Description of the task: From the records below, take each line where the string "place" shows up and copy it.

Content starts

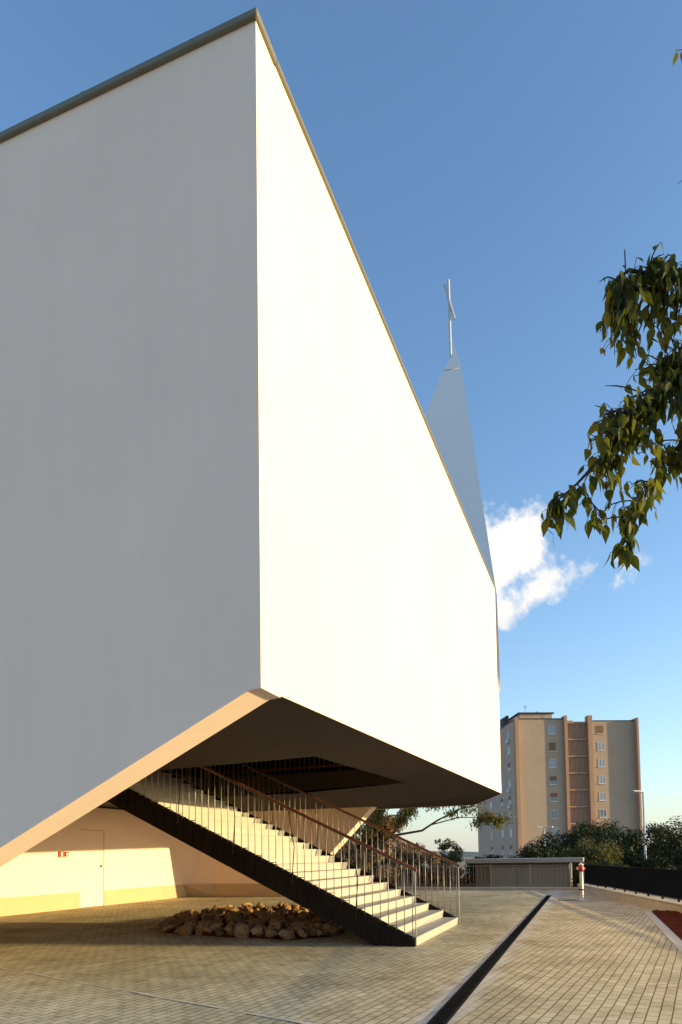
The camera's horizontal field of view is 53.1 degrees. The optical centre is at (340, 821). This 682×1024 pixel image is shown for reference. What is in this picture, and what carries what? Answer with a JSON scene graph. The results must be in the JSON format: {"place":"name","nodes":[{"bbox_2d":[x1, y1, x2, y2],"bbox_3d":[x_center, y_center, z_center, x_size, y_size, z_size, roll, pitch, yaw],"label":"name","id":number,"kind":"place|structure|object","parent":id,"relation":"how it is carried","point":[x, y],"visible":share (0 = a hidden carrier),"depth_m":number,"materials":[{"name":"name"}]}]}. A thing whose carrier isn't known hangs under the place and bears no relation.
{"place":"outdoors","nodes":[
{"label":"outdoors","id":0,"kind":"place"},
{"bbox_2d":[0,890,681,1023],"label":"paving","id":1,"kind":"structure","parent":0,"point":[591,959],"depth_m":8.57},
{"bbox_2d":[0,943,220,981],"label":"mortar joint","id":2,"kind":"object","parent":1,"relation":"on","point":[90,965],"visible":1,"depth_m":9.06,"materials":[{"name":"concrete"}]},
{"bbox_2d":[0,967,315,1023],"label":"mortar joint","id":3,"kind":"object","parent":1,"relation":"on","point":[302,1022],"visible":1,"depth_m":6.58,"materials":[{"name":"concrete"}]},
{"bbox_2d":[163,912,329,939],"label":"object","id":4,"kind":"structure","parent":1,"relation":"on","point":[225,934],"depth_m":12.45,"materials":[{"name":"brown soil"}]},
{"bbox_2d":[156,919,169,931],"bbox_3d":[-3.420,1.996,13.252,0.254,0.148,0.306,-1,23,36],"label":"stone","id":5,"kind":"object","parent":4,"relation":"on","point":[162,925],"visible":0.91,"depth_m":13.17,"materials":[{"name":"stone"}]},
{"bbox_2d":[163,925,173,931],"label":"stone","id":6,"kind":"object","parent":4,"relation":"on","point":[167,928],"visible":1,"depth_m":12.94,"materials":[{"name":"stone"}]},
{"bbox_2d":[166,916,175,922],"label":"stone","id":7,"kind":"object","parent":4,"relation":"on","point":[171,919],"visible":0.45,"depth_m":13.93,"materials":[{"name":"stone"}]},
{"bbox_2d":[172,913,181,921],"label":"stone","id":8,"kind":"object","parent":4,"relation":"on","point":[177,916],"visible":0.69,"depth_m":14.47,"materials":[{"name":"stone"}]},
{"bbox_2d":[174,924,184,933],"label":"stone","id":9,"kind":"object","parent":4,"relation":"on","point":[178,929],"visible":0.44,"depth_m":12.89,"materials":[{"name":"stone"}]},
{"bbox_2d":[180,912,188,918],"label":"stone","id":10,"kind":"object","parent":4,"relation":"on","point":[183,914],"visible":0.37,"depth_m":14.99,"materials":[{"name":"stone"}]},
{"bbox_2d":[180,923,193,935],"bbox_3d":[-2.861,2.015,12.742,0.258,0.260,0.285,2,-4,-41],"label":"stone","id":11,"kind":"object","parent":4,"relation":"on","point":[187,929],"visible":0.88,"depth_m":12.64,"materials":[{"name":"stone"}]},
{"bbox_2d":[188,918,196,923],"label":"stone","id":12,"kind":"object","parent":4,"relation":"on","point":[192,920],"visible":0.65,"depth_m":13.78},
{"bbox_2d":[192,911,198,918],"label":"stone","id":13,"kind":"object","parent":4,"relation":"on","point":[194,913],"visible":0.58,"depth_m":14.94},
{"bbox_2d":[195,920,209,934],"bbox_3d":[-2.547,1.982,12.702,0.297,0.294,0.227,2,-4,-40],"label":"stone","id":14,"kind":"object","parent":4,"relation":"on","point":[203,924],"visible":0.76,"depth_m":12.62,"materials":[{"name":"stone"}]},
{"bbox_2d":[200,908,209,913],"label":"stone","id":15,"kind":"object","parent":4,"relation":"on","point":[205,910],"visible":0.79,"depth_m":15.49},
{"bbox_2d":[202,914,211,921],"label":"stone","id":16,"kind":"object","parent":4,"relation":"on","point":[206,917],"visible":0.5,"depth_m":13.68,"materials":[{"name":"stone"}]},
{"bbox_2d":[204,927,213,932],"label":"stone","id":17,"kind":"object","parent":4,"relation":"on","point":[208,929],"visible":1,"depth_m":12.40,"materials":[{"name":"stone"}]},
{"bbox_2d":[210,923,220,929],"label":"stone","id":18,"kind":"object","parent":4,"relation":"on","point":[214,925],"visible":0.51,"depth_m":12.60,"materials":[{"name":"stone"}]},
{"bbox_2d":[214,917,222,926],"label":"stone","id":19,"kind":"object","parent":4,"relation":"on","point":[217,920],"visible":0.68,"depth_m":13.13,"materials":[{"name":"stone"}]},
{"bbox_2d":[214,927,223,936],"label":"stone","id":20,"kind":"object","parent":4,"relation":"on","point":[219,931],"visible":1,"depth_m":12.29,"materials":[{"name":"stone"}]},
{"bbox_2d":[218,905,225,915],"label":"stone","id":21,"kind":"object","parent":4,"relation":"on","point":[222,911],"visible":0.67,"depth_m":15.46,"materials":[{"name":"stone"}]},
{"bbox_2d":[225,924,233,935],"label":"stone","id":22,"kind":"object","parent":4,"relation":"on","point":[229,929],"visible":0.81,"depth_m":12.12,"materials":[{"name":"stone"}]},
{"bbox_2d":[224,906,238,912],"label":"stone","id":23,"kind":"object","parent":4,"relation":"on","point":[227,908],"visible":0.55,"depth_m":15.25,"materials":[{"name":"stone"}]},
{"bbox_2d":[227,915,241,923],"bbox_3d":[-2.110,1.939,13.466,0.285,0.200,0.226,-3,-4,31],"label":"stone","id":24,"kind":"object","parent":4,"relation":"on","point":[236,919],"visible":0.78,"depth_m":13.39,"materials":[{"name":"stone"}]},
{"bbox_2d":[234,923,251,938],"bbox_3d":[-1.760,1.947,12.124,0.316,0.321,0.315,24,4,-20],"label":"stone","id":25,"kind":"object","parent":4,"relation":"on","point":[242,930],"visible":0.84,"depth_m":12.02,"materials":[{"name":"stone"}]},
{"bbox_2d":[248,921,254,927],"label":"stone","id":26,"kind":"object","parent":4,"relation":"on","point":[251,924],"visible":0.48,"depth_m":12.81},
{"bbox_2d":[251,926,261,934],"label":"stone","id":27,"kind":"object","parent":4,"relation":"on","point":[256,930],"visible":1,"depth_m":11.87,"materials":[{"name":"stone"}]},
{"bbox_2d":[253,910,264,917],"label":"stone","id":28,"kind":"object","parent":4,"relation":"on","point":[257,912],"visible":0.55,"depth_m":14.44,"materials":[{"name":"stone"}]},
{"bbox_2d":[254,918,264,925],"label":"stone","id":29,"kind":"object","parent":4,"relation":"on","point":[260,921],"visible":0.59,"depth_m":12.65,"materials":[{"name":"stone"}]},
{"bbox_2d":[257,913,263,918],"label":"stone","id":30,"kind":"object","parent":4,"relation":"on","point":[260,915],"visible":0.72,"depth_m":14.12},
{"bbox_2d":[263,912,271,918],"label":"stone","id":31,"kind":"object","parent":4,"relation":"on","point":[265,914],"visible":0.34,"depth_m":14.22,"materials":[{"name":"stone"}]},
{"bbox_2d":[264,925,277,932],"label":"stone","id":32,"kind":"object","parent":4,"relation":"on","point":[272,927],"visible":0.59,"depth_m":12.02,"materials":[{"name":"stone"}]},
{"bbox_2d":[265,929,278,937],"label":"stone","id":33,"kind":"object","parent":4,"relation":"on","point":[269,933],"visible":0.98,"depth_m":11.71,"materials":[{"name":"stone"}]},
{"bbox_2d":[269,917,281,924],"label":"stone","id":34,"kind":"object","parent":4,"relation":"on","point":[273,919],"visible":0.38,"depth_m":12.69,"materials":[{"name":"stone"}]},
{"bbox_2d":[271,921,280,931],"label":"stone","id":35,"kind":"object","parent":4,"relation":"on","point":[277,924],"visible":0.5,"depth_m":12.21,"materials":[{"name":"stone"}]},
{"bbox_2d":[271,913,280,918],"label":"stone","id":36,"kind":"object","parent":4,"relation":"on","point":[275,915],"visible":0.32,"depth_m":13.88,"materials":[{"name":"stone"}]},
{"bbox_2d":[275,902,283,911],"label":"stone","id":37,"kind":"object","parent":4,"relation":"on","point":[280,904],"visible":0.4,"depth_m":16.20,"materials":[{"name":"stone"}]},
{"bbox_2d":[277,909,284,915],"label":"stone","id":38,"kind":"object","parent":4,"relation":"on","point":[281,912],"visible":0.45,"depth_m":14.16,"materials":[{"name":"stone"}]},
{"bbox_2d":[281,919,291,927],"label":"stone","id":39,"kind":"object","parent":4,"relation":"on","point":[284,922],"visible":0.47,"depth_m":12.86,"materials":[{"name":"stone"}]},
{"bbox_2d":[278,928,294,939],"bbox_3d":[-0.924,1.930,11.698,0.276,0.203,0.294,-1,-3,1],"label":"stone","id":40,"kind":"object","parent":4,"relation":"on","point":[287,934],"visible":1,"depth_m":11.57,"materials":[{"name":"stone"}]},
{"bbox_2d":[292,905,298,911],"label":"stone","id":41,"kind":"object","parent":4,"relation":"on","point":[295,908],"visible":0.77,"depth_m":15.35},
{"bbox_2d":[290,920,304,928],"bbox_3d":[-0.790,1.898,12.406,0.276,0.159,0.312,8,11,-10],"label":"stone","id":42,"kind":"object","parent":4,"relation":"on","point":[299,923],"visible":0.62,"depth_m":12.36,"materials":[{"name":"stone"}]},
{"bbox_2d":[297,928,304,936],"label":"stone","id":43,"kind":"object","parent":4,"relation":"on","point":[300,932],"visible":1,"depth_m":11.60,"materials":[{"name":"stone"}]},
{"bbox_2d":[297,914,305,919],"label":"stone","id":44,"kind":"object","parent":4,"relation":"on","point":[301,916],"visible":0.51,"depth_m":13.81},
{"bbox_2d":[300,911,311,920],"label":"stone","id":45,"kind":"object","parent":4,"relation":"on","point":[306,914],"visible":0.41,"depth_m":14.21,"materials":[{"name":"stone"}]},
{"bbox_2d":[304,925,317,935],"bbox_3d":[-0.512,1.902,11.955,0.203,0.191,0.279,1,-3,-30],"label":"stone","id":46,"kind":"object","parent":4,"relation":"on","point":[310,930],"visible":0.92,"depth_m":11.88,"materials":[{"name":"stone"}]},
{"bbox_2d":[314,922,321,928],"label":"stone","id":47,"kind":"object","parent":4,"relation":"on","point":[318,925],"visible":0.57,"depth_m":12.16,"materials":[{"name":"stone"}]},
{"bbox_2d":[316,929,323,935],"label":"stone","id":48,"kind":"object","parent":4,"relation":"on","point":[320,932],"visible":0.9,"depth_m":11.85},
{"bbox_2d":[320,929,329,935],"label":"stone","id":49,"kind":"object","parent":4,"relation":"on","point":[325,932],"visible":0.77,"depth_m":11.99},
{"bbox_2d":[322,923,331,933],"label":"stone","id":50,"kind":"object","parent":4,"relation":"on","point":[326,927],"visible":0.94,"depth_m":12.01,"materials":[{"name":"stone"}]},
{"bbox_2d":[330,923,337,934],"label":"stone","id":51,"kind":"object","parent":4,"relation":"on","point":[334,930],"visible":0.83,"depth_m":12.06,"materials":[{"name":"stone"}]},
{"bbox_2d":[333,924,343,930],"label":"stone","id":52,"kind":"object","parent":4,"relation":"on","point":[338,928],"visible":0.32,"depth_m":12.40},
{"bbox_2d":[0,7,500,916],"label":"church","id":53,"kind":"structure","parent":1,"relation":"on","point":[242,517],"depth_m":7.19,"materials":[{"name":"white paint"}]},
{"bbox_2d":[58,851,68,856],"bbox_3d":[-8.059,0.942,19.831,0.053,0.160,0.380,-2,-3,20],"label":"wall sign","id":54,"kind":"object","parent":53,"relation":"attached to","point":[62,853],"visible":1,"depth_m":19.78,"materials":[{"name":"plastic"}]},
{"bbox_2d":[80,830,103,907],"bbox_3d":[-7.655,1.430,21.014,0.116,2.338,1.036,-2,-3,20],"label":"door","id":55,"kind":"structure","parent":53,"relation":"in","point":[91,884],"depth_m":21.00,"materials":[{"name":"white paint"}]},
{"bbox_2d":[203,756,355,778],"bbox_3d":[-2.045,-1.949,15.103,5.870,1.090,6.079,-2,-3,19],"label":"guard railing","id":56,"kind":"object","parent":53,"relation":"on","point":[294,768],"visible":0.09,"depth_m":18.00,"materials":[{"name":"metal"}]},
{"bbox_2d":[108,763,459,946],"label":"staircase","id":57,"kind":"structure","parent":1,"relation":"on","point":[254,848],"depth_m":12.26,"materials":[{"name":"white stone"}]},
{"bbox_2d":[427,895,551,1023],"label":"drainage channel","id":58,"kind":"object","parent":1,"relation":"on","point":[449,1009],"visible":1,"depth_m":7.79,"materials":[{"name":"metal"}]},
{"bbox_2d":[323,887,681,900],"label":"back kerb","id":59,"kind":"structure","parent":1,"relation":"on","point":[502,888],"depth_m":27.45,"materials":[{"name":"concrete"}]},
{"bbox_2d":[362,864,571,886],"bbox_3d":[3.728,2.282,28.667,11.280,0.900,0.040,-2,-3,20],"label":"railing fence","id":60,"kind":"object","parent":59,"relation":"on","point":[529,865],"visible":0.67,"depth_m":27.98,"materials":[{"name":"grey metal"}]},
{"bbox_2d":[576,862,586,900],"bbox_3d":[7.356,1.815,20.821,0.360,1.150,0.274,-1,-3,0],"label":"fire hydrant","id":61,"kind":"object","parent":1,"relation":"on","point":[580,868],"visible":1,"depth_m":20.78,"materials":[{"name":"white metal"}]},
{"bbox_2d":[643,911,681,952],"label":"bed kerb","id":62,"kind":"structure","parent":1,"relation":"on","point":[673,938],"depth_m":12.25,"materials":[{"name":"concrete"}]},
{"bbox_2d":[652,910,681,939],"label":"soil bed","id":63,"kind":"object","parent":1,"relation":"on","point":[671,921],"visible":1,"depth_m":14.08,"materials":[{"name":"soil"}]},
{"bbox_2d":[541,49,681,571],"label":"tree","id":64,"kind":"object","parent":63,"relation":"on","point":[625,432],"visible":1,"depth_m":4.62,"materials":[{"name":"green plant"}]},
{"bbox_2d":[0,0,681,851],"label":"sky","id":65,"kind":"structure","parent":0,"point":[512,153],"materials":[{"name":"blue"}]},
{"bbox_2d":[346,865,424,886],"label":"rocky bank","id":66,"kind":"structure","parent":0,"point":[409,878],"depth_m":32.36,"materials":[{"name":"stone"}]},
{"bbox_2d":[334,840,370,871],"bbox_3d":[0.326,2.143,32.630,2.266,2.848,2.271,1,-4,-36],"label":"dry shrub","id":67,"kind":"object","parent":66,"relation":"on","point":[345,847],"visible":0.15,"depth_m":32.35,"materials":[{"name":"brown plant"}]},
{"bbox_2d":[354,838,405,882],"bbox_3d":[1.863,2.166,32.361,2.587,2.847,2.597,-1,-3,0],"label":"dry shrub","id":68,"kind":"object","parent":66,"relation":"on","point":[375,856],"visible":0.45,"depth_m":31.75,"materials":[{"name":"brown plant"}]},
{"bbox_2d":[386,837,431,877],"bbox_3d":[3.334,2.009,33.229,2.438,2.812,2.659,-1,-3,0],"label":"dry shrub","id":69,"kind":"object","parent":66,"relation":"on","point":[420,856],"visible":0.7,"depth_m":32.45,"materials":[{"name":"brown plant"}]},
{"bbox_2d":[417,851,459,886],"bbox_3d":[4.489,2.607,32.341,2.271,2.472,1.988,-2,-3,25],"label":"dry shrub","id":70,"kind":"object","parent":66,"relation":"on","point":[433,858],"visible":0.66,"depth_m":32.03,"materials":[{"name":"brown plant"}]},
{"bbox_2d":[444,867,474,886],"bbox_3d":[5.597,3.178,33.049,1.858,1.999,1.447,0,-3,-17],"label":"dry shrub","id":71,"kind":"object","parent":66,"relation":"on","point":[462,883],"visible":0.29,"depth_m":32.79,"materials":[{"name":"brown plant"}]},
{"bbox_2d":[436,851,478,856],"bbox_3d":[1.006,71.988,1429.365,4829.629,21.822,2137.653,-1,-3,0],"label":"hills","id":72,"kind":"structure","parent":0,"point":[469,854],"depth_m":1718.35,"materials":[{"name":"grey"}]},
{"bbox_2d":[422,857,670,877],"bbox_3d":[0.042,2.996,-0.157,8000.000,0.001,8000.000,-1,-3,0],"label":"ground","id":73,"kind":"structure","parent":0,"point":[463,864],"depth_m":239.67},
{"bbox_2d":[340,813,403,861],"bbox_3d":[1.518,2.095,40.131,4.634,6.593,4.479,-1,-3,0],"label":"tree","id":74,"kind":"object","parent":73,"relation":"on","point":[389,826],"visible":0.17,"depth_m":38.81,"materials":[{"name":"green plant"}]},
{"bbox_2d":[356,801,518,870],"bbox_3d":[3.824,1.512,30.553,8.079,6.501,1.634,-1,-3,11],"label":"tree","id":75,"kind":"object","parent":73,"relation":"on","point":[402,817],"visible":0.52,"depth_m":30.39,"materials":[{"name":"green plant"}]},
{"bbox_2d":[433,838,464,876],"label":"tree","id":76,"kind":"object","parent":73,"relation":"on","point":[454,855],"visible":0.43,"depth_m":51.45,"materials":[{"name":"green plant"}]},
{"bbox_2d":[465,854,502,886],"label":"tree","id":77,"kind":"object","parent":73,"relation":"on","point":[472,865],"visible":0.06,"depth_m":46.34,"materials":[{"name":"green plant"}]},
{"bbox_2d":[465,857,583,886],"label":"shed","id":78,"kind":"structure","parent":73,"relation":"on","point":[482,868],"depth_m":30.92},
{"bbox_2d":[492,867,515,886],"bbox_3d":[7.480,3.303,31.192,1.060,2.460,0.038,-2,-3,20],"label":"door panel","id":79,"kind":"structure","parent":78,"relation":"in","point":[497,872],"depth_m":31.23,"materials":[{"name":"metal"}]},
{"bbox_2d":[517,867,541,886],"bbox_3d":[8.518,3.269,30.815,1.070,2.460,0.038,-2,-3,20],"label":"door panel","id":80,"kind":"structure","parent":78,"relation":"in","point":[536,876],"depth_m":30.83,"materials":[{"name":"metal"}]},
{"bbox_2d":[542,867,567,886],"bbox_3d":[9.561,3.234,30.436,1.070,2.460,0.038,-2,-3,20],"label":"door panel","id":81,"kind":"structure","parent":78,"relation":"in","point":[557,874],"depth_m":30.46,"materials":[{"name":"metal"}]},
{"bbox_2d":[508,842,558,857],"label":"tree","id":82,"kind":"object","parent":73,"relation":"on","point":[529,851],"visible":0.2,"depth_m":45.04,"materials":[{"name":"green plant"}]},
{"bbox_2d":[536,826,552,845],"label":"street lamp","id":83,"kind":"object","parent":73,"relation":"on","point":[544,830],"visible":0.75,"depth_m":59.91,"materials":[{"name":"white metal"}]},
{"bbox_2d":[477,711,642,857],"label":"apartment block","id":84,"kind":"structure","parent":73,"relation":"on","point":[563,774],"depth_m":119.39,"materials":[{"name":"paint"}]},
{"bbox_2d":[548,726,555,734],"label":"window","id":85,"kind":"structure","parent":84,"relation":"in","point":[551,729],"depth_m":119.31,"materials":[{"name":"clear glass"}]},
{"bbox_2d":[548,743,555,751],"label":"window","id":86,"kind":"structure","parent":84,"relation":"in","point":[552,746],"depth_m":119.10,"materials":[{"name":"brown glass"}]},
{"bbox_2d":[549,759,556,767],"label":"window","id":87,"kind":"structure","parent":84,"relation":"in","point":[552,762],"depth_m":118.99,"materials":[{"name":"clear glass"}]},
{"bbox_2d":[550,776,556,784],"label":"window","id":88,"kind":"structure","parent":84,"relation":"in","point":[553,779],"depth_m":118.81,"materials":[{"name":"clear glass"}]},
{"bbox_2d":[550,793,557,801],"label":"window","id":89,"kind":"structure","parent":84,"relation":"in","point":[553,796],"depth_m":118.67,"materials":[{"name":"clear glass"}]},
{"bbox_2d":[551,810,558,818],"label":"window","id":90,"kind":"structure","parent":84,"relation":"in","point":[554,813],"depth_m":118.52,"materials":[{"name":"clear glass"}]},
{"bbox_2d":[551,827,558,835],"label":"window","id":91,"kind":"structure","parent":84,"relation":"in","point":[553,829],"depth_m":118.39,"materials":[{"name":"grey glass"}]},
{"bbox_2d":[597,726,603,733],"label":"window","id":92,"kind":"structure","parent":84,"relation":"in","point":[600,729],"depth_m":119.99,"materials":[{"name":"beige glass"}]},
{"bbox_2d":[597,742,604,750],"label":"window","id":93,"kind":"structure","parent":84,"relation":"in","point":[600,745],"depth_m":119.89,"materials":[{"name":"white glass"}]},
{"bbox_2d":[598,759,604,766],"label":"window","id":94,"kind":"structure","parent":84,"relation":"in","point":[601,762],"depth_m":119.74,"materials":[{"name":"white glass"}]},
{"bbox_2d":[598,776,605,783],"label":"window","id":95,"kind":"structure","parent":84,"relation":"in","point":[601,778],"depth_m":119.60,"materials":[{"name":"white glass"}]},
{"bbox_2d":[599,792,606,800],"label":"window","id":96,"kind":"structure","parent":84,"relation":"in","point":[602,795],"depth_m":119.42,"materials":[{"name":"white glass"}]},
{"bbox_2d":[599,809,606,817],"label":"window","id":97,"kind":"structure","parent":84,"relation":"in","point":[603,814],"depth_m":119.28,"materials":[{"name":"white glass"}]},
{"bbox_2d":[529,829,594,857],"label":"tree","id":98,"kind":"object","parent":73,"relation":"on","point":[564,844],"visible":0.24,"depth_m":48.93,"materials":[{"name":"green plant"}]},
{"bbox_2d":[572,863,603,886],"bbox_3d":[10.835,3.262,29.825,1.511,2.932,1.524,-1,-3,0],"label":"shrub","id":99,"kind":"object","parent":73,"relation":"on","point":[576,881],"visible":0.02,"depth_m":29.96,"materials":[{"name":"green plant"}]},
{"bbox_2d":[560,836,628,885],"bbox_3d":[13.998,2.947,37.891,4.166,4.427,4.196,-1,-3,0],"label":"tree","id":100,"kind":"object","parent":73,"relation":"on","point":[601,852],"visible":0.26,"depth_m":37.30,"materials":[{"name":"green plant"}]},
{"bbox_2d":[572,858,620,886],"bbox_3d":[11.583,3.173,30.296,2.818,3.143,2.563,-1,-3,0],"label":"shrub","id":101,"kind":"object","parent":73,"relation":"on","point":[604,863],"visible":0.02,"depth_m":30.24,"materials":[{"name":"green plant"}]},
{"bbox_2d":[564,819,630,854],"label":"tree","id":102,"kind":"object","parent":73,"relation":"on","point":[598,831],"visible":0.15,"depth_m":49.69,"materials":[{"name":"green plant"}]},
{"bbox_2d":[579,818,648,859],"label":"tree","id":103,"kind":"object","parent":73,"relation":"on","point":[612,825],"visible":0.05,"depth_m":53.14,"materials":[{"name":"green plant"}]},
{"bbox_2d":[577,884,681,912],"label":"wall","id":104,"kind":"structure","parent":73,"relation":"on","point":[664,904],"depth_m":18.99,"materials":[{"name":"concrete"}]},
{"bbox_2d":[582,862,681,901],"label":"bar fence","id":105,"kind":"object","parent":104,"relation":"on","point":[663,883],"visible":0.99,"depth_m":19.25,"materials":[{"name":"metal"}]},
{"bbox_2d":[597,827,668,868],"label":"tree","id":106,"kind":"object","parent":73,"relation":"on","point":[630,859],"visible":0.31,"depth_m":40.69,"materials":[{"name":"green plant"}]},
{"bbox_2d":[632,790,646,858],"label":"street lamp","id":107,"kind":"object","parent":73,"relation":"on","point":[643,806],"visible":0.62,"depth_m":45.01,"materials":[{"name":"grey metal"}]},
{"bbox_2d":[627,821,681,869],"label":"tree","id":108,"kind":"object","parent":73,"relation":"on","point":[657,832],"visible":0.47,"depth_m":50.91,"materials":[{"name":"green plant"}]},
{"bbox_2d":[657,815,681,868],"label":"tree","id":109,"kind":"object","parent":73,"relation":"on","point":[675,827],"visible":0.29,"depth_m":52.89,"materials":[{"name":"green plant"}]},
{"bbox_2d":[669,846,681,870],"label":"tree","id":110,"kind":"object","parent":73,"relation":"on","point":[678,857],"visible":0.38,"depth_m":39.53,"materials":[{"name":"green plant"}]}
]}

Content ends

Expected output:
The camera's horizontal field of view is 53.1 degrees. The optical centre is at (340, 821). This 682×1024 pixel image is shown for reference. What is in this picture, and what carries what? Answer with a JSON scene graph. The results must be in the JSON format: {"place":"name","nodes":[{"bbox_2d":[x1, y1, x2, y2],"bbox_3d":[x_center, y_center, z_center, x_size, y_size, z_size, roll, pitch, yaw],"label":"name","id":number,"kind":"place|structure|object","parent":id,"relation":"how it is carried","point":[x, y],"visible":share (0 = a hidden carrier),"depth_m":number,"materials":[{"name":"name"}]}]}. A thing whose carrier isn't known hangs under the place and bears no relation.
{"place":"outdoors","nodes":[
{"label":"outdoors","id":0,"kind":"place"},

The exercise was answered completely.